# My hedgehog no longer comes out to roam



## LuciferM (Apr 12, 2016)

So I've had my hedgehog for about 3 weeks, adopted her from someone. The first 2 weeks she would come out, run on her wheel loads, run about and explore during the night and early evening.

But recently I started to handle her a lot to get her used to me and she's completely stopped her previous behaviour. Goes nowhere near her wheel, never comes out in the early evening/early hours and pretty much only comes out while I'm at work during the day.

What's up with that?


----------



## zombielover3617 (Oct 16, 2015)

Some hedgies love to come out when you're passed out like around 3am. Mine does that. She doesn't come out unless it's time to eat then it's back to bed. Maybe check the temp in her cage? Not sure if that would fix anything but I know my girl will not come out unless it's the right temp.


----------



## Prue (Feb 20, 2016)

A sudden change in behaviour can mean many things. I agree with zombielover3617, what is the temp in her cage? Also what is her light schedule? Is she eating and drinking normally? Sudden changes like this can often be warning signs for a bigger problem. If I were you I would have her checked out at the vet just incase.


----------



## LuciferM (Apr 12, 2016)

I never have the heating on (it was a fair bit colder a couple of weeks ago and she was coming out way more than she comes out now) and she doesn't have a cage, I just let her go wherever she wants in my flat. I'm in Seoul, South Korea at the moment and the temperature is very nice so no need for it. She seems perfectly fine and healthy, eats from my hand whenever I hold her but as soon as I put her down, back under her blanket she goes and she just stays there. She's been there since 11pm last night, so roughly 18 hours.


----------



## Artemis-Ichiro (Jan 22, 2016)

What's the temperature of the flat? At the floor level where she usually is. It's her belly a little cold?


----------



## LuciferM (Apr 12, 2016)

It's warmer than it was when she was coming out. Her ex-owner had a cat so I think she's an extremely defensive hedgie that just needs a lot of taming.


----------



## Andi Andreson (Apr 13, 2016)

I'm sorry this doesn't involve this but its the only way I know how to ask.. how do you post something on here? I have urgent questions!


----------



## shinydistraction (Jul 6, 2014)

Go to the appropriate sub forum (for example, the health forum if it is a health related question) and you should see a link at the top of the forum that says something like new post or new thread. I'm on mobile atm so I can't go look, but it will be along those lines.


----------



## Andi Andreson (Apr 13, 2016)

Ok thank you!


----------



## Artemis-Ichiro (Jan 22, 2016)

LuciferM said:


> It's warmer than it was when she was coming out. Her ex-owner had a cat so I think she's an extremely defensive hedgie that just needs a lot of taming.

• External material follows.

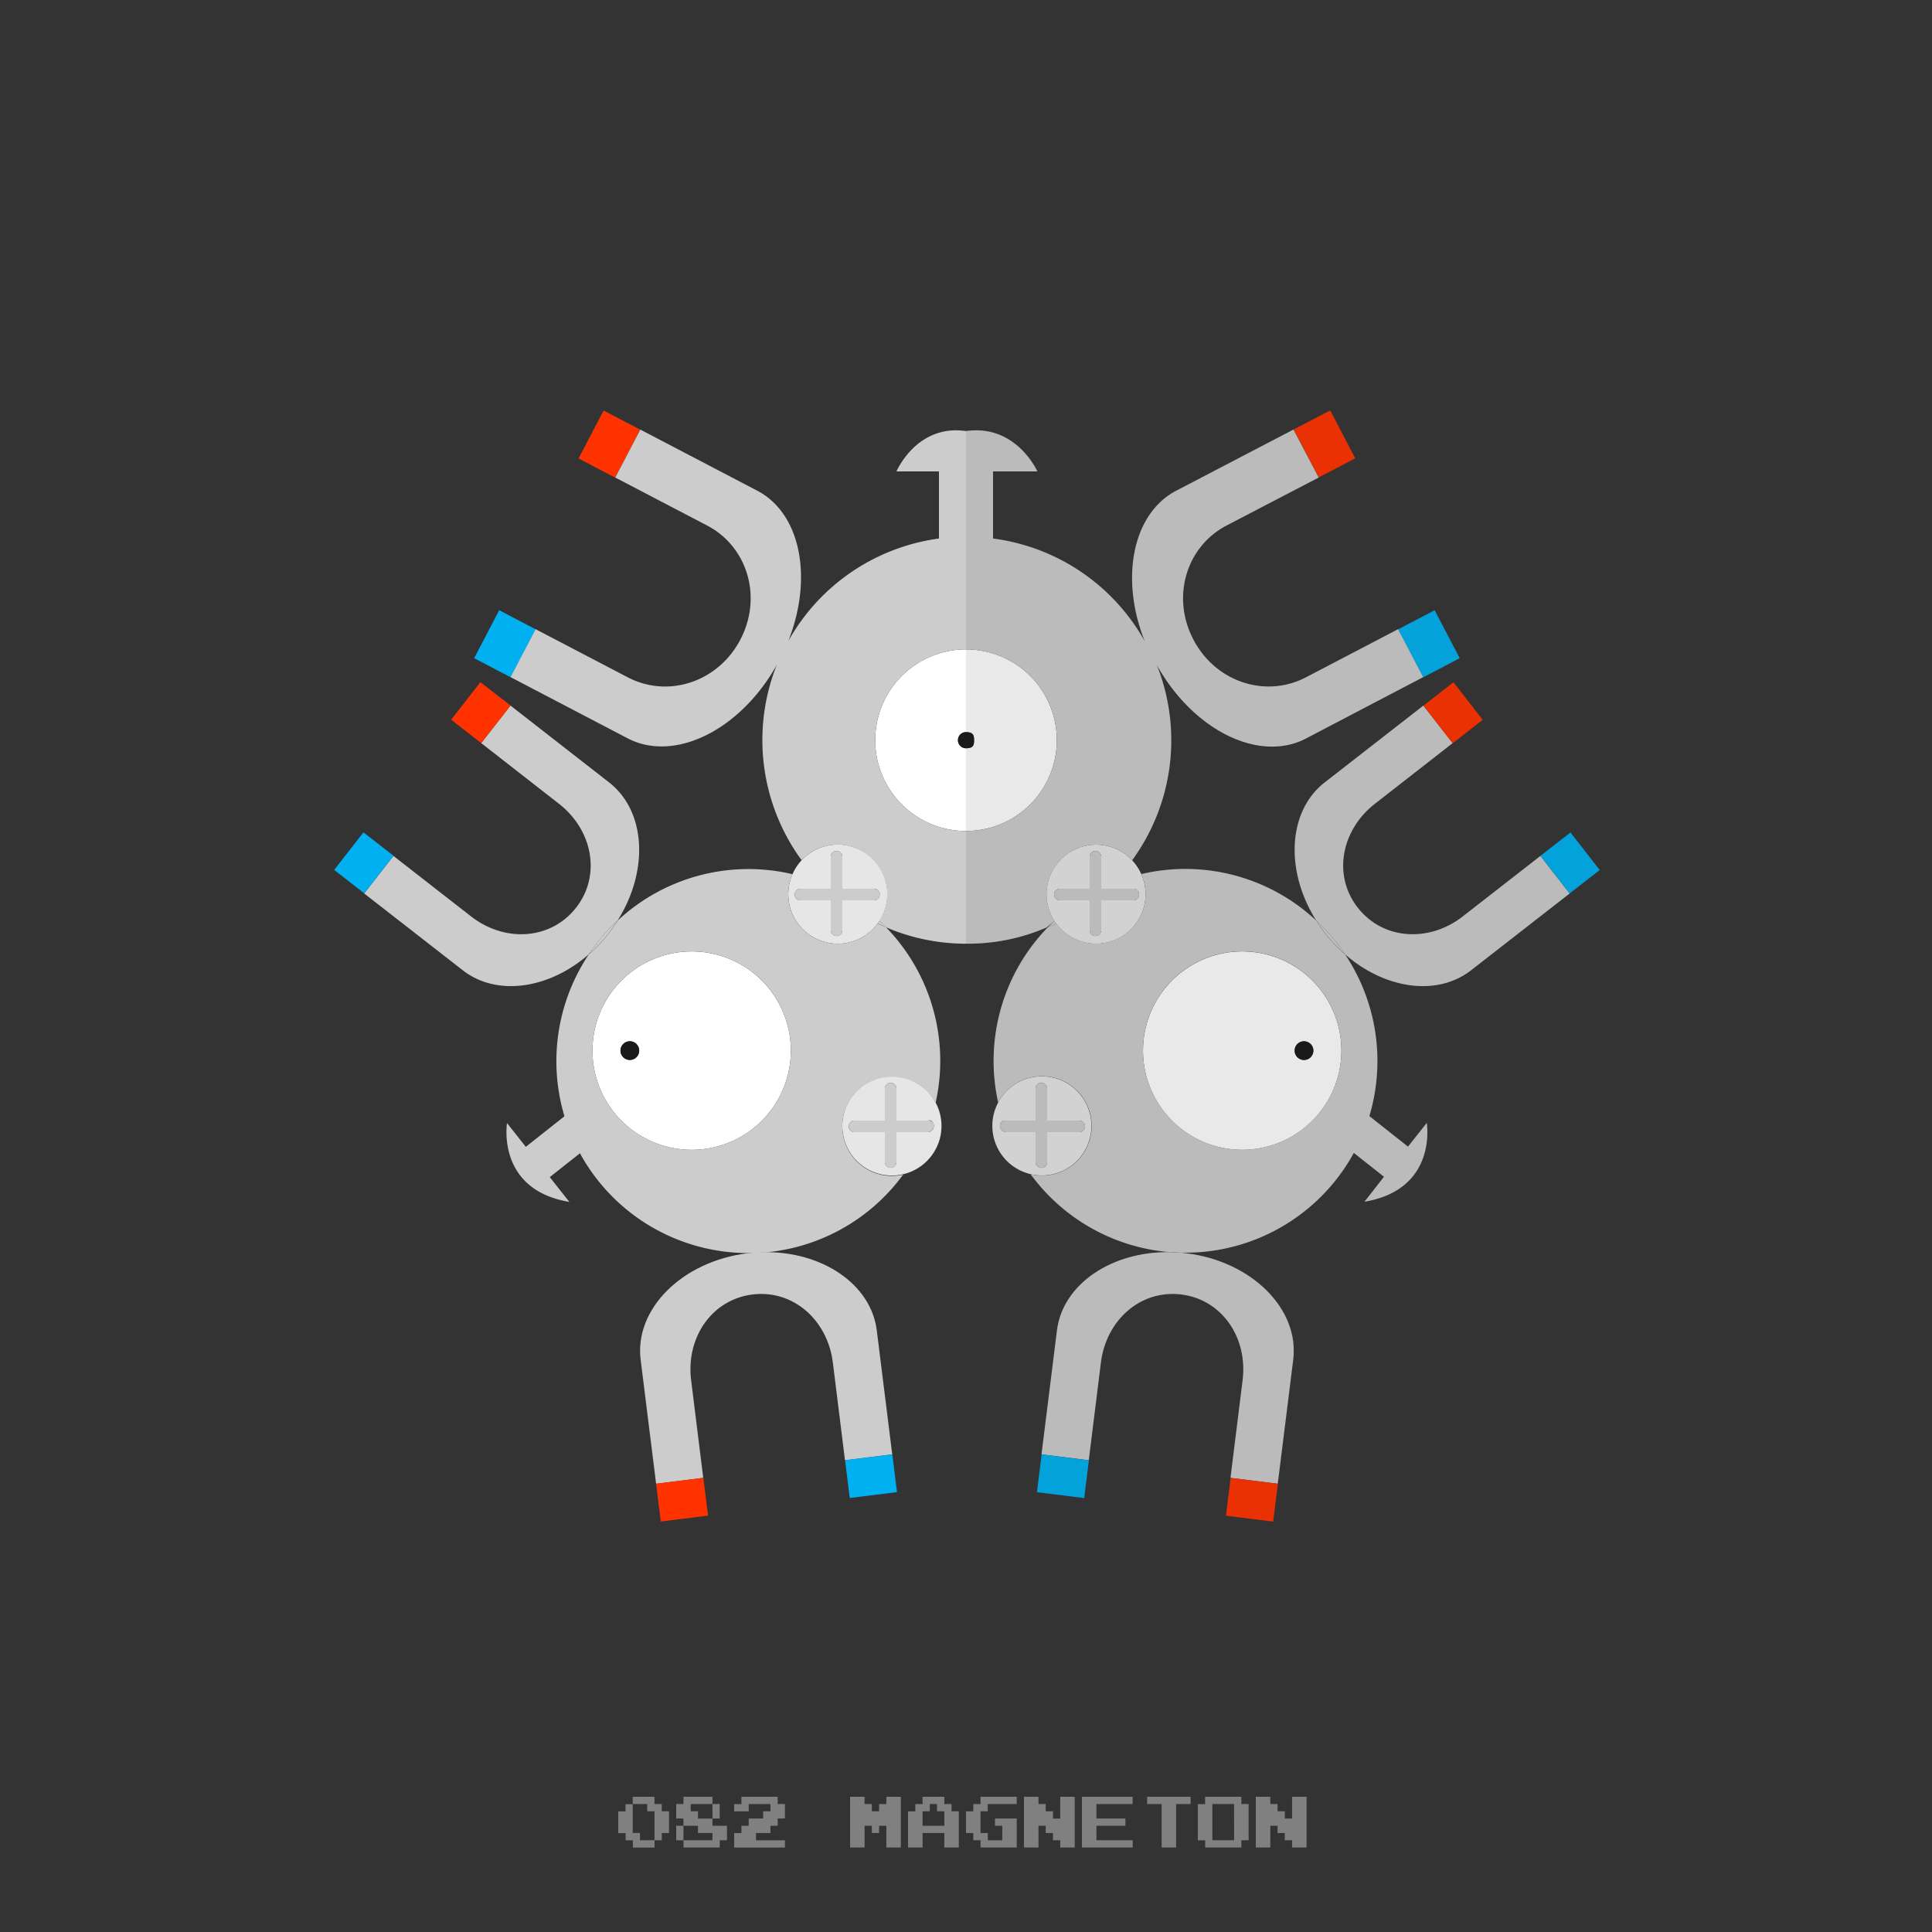 <?xml version="1.0" ?><svg id="pkft" viewBox="0 0 500 500" xmlns="http://www.w3.org/2000/svg"><rect x="0" y="0" width="500" height="500" fill="#333333" stroke="none"/><defs><style>.cls-1{fill:#f30;}.cls-2{fill:#00b0f0;}.cls-3{fill:#fff;}.cls-4{fill:#1a1a1a;}.cls-5{fill:#ccc;}.cls-6{fill:#e6e6e6;}.cls-7{opacity:0.1;}.cls-8{fill:gray;}</style></defs><title/><rect class="cls-1" height="10.66" transform="translate(-17.19 201.44) rotate(-62.4)" width="14" x="150.7" y="109.57"/><polygon class="cls-2" points="138.64 162.87 129.19 157.93 122.71 170.34 132.16 175.28 132.16 175.28 132.16 175.28 138.64 162.87"/><path class="cls-3" d="M226.5,191.56a23.5,23.5,0,0,0,23.5,23.5V193.65a2.08,2.08,0,1,1,0-4.17V168.06A23.5,23.5,0,0,0,226.5,191.56Z"/><path class="cls-4" d="M247.92,191.56a2.08,2.08,0,0,0,2.08,2.08v-4.17A2.08,2.08,0,0,0,247.92,191.56Z"/><path class="cls-5" d="M232,122h11v17.37a52.7,52.7,0,0,0-39,26.56c6.45-16.28,3.28-33-8-38.93l-30.29-15.83-6.49,12.41L183,136c10.43,5.45,14.38,18.47,8.61,29.51s-18.72,15.23-29.15,9.78l-23.84-12.46-6.49,12.41,30.29,15.83c12.15,6.35,29.2-2.15,38.61-19a52.66,52.66,0,0,0,6.42,50.54,12.82,12.82,0,0,1,20.13,15.7q0.87,0.82,1.7,1.67A52.48,52.48,0,0,0,250,244.23V215.06a23.5,23.5,0,0,1,0-47v-56.5C237.25,109.69,232,122,232,122Z"/><polygon class="cls-5" points="132.16 175.28 132.16 175.28 138.64 162.87 132.16 175.28"/><path class="cls-5" d="M227.14,239c0.72,0.35,1.45.67,2.18,1q-0.83-.86-1.7-1.67C227.46,238.56,227.31,238.8,227.14,239Z"/><path class="cls-6" d="M216.83,244.23A12.8,12.8,0,0,0,227.14,239c0.17-.23.32-0.46,0.48-0.7a12.82,12.82,0,0,0-20.13-15.7,12.91,12.91,0,0,0-2.38,3.61,12.7,12.7,0,0,0-1.1,5.16A12.83,12.83,0,0,0,216.83,244.23ZM207.17,230H215v-8.27a1.5,1.5,0,0,1,3,0V230h8.17a1.5,1.5,0,0,1,0,3H218v7.73a1.5,1.5,0,0,1-3,0V233h-7.83A1.5,1.5,0,0,1,207.17,230Z"/><path class="cls-5" d="M207.17,233H215v7.73a1.5,1.5,0,0,0,3,0V233h8.17a1.5,1.5,0,0,0,0-3H218v-8.27a1.5,1.5,0,0,0-3,0V230h-7.83A1.5,1.5,0,0,0,207.17,233Z"/><path class="cls-6" d="M230.83,278.56a12.83,12.83,0,1,0,11.31,6.78A12.78,12.78,0,0,0,230.83,278.56ZM240.95,290a1.69,1.69,0,0,1,.72,1.38,1.6,1.6,0,0,1-1.5,1.61H232v7.73a1.5,1.5,0,0,1-3,0V293h-7.83a1.5,1.5,0,1,1,0-3H229v-8.27a1.5,1.5,0,1,1,3,0V290h8.17A1.47,1.47,0,0,1,240.95,290Z"/><path class="cls-5" d="M232,281.73a1.5,1.5,0,1,0-3,0V290h-7.83a1.5,1.5,0,1,0,0,3H229v7.73a1.5,1.5,0,0,0,3,0V293h8.17a1.7,1.7,0,0,0,1.5-1.72,1.32,1.32,0,0,0-.72-1.17,1.44,1.44,0,0,0-.78-0.12H232v-8.27Z"/><path class="cls-3" d="M179,246.23a25.67,25.67,0,1,0,25.67,25.67A25.67,25.67,0,0,0,179,246.23Zm-16,28.08a2.42,2.42,0,1,1,2.42-2.42A2.42,2.42,0,0,1,163,274.31Z"/><circle class="cls-4" cx="163" cy="271.9" r="2.42"/><path class="cls-5" d="M159.86,238.19c8.09-12.87,7.35-28.25-2.25-35.72L132.11,182.6l-7.57,9.72L144.64,208c8.73,6.8,11,18.53,4.45,26.9s-18.43,9.07-27.17,2.27l-20.1-15.66-7.57,9.72,25.51,19.87c8.83,6.88,22.33,4.84,32.6-4.1A49.93,49.93,0,0,1,159.86,238.19Z"/><rect class="cls-1" height="9.86" transform="translate(-97.53 169.28) rotate(-52.09)" width="12.32" x="118.27" y="179.5"/><rect class="cls-2" height="9.86" transform="translate(-139.88 160.37) rotate(-52.09)" width="12.32" x="87.99" y="218.39"/><path class="cls-5" d="M193.41,324.35c-16.88,2.1-29.25,14.43-27.61,27.55l4,32.09L182,382.47l-3.14-25.29c-1.37-11,5.34-20.86,15.87-22.17s19.45,6.62,20.81,17.61l3.14,25.29,12.23-1.52-4-32.09c-1.49-12-14.22-20.51-29.32-20.24-0.89.07-1.78,0.11-2.68,0.13Z"/><rect class="cls-1" height="9.86" transform="translate(-46.54 24.74) rotate(-7.09)" width="12.32" x="170.34" y="383.19"/><rect class="cls-2" height="9.86" transform="translate(-45.42 30.73) rotate(-7.09)" width="12.32" x="219.25" y="377.11"/><path class="cls-5" d="M216.83,244.23A12.83,12.83,0,0,1,204,231.4a12.7,12.7,0,0,1,1.1-5.16,49.61,49.61,0,0,0-45.24,12,39.82,39.82,0,0,1-2.3,3.29,39.29,39.29,0,0,1-5.2,5.5,49.69,49.69,0,0,0-6.28,41.86l-10,7.91-4.86-6.15s-2.84,17.22,16.12,20.4l-5.06-6.41,7.81-6.17a49.65,49.65,0,0,0,43.57,25.82c0.42,0,.83,0,1.25,0,0.9-.08,1.8-0.12,2.68-0.13a49.6,49.6,0,0,0,36.14-20.17,12.83,12.83,0,1,1,8.4-18.55A49.61,49.61,0,0,0,229.32,240c-0.73-.31-1.46-0.63-2.18-1A12.8,12.8,0,0,1,216.83,244.23ZM179,297.56a25.67,25.67,0,1,1,25.67-25.67A25.67,25.67,0,0,1,179,297.56Z"/><path class="cls-5" d="M157.57,241.47a39.82,39.82,0,0,0,2.3-3.29,49.93,49.93,0,0,0-7.5,8.79A39.29,39.29,0,0,0,157.57,241.47Z"/><path class="cls-5" d="M197.6,324.06c-0.89,0-1.78.06-2.68,0.13C195.82,324.17,196.71,324.13,197.6,324.06Z"/><rect class="cls-1" height="14" transform="translate(-14.23 171.85) rotate(-27.6)" width="10.66" x="337.44" y="107.91"/><polygon class="cls-2" points="361.83 162.87 371.28 157.93 377.77 170.34 368.32 175.28 368.32 175.28 368.32 175.28 361.83 162.87"/><path class="cls-3" d="M273.5,191.56a23.49,23.49,0,0,1-23.5,23.5V193.65c2,0,2.08-.93,2.08-2.08s-0.08-2.08-2.08-2.08V168.06A23.49,23.49,0,0,1,273.5,191.56Z"/><path class="cls-4" d="M252.08,191.56c0,1.15-.08,2.08-2.08,2.08v-4.17C252,189.48,252.08,190.41,252.08,191.56Z"/><path class="cls-5" d="M268.47,122H257v17.37a52.75,52.75,0,0,1,39.25,26.56c-6.45-16.28-3.16-33,8.15-38.93l30.35-15.83,6.52,12.41L317.44,136c-10.43,5.45-14.37,18.47-8.6,29.51s18.72,15.23,29.15,9.78l23.84-12.46,6.49,12.41L338,191.11c-12.15,6.35-29.2-2.15-38.61-19A52.66,52.66,0,0,1,293,222.63a12.82,12.82,0,0,0-20.13,15.7c-0.58.54-1.39,1.1-1.94,1.67A51.3,51.3,0,0,1,250,244.23V215.06a23.5,23.5,0,0,0,0-47v-56.5C263,109.69,268.47,122,268.47,122Z"/><polygon class="cls-5" points="368.32 175.28 368.32 175.28 361.83 162.87 368.32 175.28"/><path class="cls-5" d="M273.34,239c-0.72.35-1.45,0.67-2.18,1q0.83-.86,1.7-1.67C273,238.56,273.17,238.8,273.34,239Z"/><path class="cls-6" d="M296.47,231.4a12.7,12.7,0,0,0-1.1-5.16,12.91,12.91,0,0,0-2.38-3.61,12.82,12.82,0,0,0-20.13,15.7c0.15,0.24.31,0.47,0.48,0.7A12.82,12.82,0,0,0,296.47,231.4Zm-1.67.1a1.5,1.5,0,0,1-1.5,1.5H285v7.73a1.5,1.5,0,0,1-3,0V233h-7.69a1.5,1.5,0,0,1,0-3H282v-8.27a1.5,1.5,0,0,1,3,0V230h8.31A1.5,1.5,0,0,1,294.81,231.5Z"/><path class="cls-5" d="M293.31,233H285v7.73a1.5,1.5,0,0,1-3,0V233h-7.69a1.5,1.5,0,0,1,0-3H282v-8.27a1.5,1.5,0,0,1,3,0V230h8.31A1.5,1.5,0,0,1,293.31,233Z"/><path class="cls-6" d="M258.33,285.34a12.82,12.82,0,1,0,11.31-6.78A12.77,12.77,0,0,0,258.33,285.34Zm2,4.66H268v-8.27a1.5,1.5,0,1,1,3,0V290h8.31a1.5,1.5,0,0,1,0,3H271v7.73a1.5,1.5,0,0,1-3,0V293h-7.69a1.7,1.7,0,0,1-1.5-1.72,1.32,1.32,0,0,1,.72-1.17A1.44,1.44,0,0,1,260.31,290Z"/><path class="cls-5" d="M268,281.73a1.5,1.5,0,1,1,3,0V290h8.31a1.5,1.5,0,0,1,0,3H271v7.73a1.5,1.5,0,0,1-3,0V293h-7.69a1.7,1.7,0,0,1-1.5-1.72,1.32,1.32,0,0,1,.72-1.17,1.44,1.44,0,0,1,.78-0.12H268v-8.27Z"/><path class="cls-3" d="M295.81,271.9a25.67,25.67,0,1,0,25.67-25.67A25.67,25.67,0,0,0,295.81,271.9Zm39.25,0a2.42,2.42,0,1,1,2.42,2.42A2.42,2.42,0,0,1,335.06,271.9Z"/><circle class="cls-4" cx="337.47" cy="271.9" r="2.42"/><path class="cls-5" d="M340.61,238.19c-8.09-12.87-7.35-28.25,2.25-35.72l25.51-19.87,7.57,9.72L355.84,208c-8.73,6.8-11,18.53-4.45,26.9s18.43,9.07,27.17,2.27l20.1-15.66,7.57,9.72-25.51,19.87c-8.83,6.88-22.33,4.84-32.6-4.1A49.93,49.93,0,0,0,340.61,238.19Z"/><rect class="cls-1" height="12.32" transform="translate(-33.96 269.99) rotate(-37.91)" width="9.86" x="371.11" y="178.27"/><rect class="cls-2" height="12.32" transform="translate(-51.46 296.8) rotate(-37.91)" width="9.86" x="401.4" y="217.15"/><path class="cls-5" d="M307.07,324.35c16.88,2.1,29.25,14.43,27.61,27.55l-4,32.09-12.23-1.52,3.14-25.29c1.37-11-5.34-20.86-15.87-22.17s-19.45,6.62-20.81,17.61l-3.14,25.29-12.23-1.52,4-32.09c1.49-12,14.22-20.51,29.32-20.24,0.89,0.07,1.78.11,2.68,0.13Z"/><rect class="cls-1" height="12.32" transform="translate(-101.15 661.72) rotate(-82.91)" width="9.86" x="319.04" y="381.96"/><rect class="cls-2" height="12.32" transform="translate(-137.99 607.86) rotate(-82.91)" width="9.86" x="270.14" y="375.88"/><path class="cls-5" d="M273.34,239c-0.72.35-1.45,0.67-2.18,1a49.61,49.61,0,0,0-12.83,45.34,12.85,12.85,0,1,1,8.4,18.55,49.6,49.6,0,0,0,36.14,20.17c0.89,0,1.78.06,2.68,0.13,0.42,0,.83,0,1.25,0a49.65,49.65,0,0,0,43.57-25.82l7.81,6.17L353.13,311c19-3.18,16.12-20.4,16.12-20.4l-4.86,6.15-10-7.91A49.69,49.69,0,0,0,348.11,247a39.29,39.29,0,0,1-5.2-5.5,39.82,39.82,0,0,1-2.3-3.29,49.61,49.61,0,0,0-45.24-12,12.7,12.7,0,0,1,1.1,5.16A12.82,12.82,0,0,1,273.34,239Zm22.47,32.87a25.67,25.67,0,1,1,25.67,25.67A25.67,25.67,0,0,1,295.81,271.9Z"/><path class="cls-5" d="M342.91,241.47a39.82,39.82,0,0,1-2.3-3.29,49.93,49.93,0,0,1,7.5,8.79A39.29,39.29,0,0,1,342.91,241.47Z"/><path class="cls-5" d="M302.87,324.06c0.89,0,1.78.06,2.68,0.13C304.65,324.17,303.76,324.13,302.87,324.06Z"/><g class="cls-7"><rect class="cls-4" height="14" transform="translate(-14.23 171.85) rotate(-27.6)" width="10.66" x="337.44" y="107.91"/><rect class="cls-4" height="14" transform="translate(-35.11 190.25) rotate(-27.6)" width="10.66" x="364.47" y="159.61"/><path class="cls-4" d="M406.43,215.42l-7.78,6.06-20.1,15.66c-8.73,6.8-20.65,6.1-27.17-2.27s-4.28-20.09,4.45-26.9l20.11-15.66,7.78-6.06-7.57-9.72-7.78,6.06-25.51,19.87c-9.59,7.47-10.33,22.85-2.25,35.72a49.61,49.61,0,0,0-45.24-12,12.91,12.91,0,0,0-2.38-3.61h0a52.66,52.66,0,0,0,6.42-50.54c9.41,16.87,26.46,25.37,38.61,19l30.29-15.83-6.49-12.41L338,175.33c-10.43,5.45-23.38,1.26-29.15-9.78S307,141.49,317.44,136l23.82-12.46-6.52-12.41L304.4,127c-11.31,5.91-14.6,22.64-8.15,38.93A52.75,52.75,0,0,0,257,139.37V122h11.47S263,109.69,250,111.56V244.23A51.3,51.3,0,0,0,270.92,240c0.55-.57,1.36-1.13,1.94-1.67q-0.87.82-1.7,1.67a49.61,49.61,0,0,0-12.83,45.34,12.84,12.84,0,0,0,8.4,18.55,49.6,49.6,0,0,0,36.14,20.17c-15.1-.27-27.83,8.22-29.32,20.24l-4,32.09-1.22,9.78,12.23,1.52,1.22-9.78,3.14-25.29c1.37-11,10.29-18.92,20.81-17.61s17.23,11.18,15.87,22.17l-3.14,25.29-1.22,9.78,12.23,1.52,1.22-9.78,4-32.09c1.63-13.11-10.73-25.45-27.61-27.55l-1.51-.16c0.42,0,.83,0,1.25,0a49.65,49.65,0,0,0,43.57-25.82l7.81,6.17L353.13,311c19-3.18,16.12-20.4,16.12-20.4l-4.86,6.15-10-7.91A49.69,49.69,0,0,0,348.11,247c10.27,8.94,23.77,11,32.6,4.1l25.51-19.87,7.78-6.06Z"/></g><path class="cls-8" d="M163.75,465.94V465h5.63v1.88h1.88v1.88h1.88v5.63h-1.87v1.88h-1.87v1.88h-5.62v-1.87h-1.87v-1.87H160v-5.62h1.88v-1.87h1.88v-0.94Zm3.75,1.88v-0.94h-3.75v7.5h1.88v1.88h3.75v-7.5H167.5v-0.94Z"/><path class="cls-8" d="M176.88,465.94V465h7.5v1.88h1.88v3.75h-1.87v1.88h3.75v3.75h-1.87v1.88h-9.37v-1.87H175V472.5h1.88v-1.87H175v-3.75h1.88v-0.94Zm3.75,7.5V472.5h-3.75v3.75h7.5v-1.87h-3.75v-0.94Zm3.75-4.69v-1.87h-5.62v1.88h1.88v1.88h3.75v-1.87Z"/><path class="cls-8" d="M191.88,465.94V465h9.38v1.88h1.88v3.75h-1.87v1.88h-1.87v1.88h-3.75v1.88h7.5v1.88H190v-3.75h1.88V472.5h1.88v-1.87h3.75v-1.87h1.88v-1.87h-5.62v1.88H190v-1.87h1.88v-0.94Z"/><path class="cls-8" d="M220,471.56V465h3.75v1.88h1.88v1.88h1.88v-1.87h1.88V465h3.75v13.13h-3.75V472.5H227.5v1.88h-1.87V472.5h-1.87v5.63H220v-6.56Z"/><path class="cls-8" d="M238.75,465.94V465h5.63v1.88h1.88v1.88h1.88v9.38h-3.75v-3.75h-5.62v3.75H235v-9.37h1.88v-1.87h1.88v-0.94Zm3.75,1.88v-0.94h-1.87v1.88h-1.87v3.75h5.63v-3.75H242.5v-0.94Z"/><path class="cls-8" d="M253.75,465.94V465h9.38v1.88h-7.5v1.88h-1.87v5.63h1.88v1.88h3.75V472.5H257.5v-1.87h5.63v7.5h-9.37v-1.87h-1.87v-1.87H250v-5.62h1.88v-1.87h1.88v-0.94Z"/><path class="cls-8" d="M265,471.56V465h3.75v1.88h1.88v1.88h1.88v1.88h1.88V465h3.75v13.13h-3.75v-1.87H272.5v-1.87h-1.87V472.5h-1.87v5.63H265v-6.56Z"/><path class="cls-8" d="M280,471.56V465h13.13v1.88h-9.37v3.75h7.5v1.88h-7.5v3.75h9.38v1.88H280v-6.56Z"/><path class="cls-8" d="M296.88,465.94V465h11.25v1.88h-3.75v11.25h-3.75V466.88h-3.75v-0.94Z"/><path class="cls-8" d="M311.88,465.94V465h9.38v1.88h1.88v9.38h-1.87v1.88h-9.37v-1.87H310v-9.37h1.88v-0.94Zm7.5,5.63v-4.69h-5.62v9.38h5.63v-4.69Z"/><path class="cls-8" d="M325,471.56V465h3.75v1.88h1.88v1.88h1.88v1.88h1.88V465h3.75v13.13h-3.75v-1.87H332.5v-1.87h-1.87V472.5h-1.87v5.63H325v-6.56Z"/></svg>

Without answering the questions and providing more infoatiom people can't help you. Hedgehogs are great at hiding illnesses.


----------



## LuciferM (Apr 12, 2016)

Back to completely normal behaviour  I think the shock of being handled so much for a week was quite a lot for her, but we're starting to get on much better (she's fallen asleep in my hand and/or on my lap for the last 3 days) and she's just been running around my flat for the past hour and even used her wheel.


----------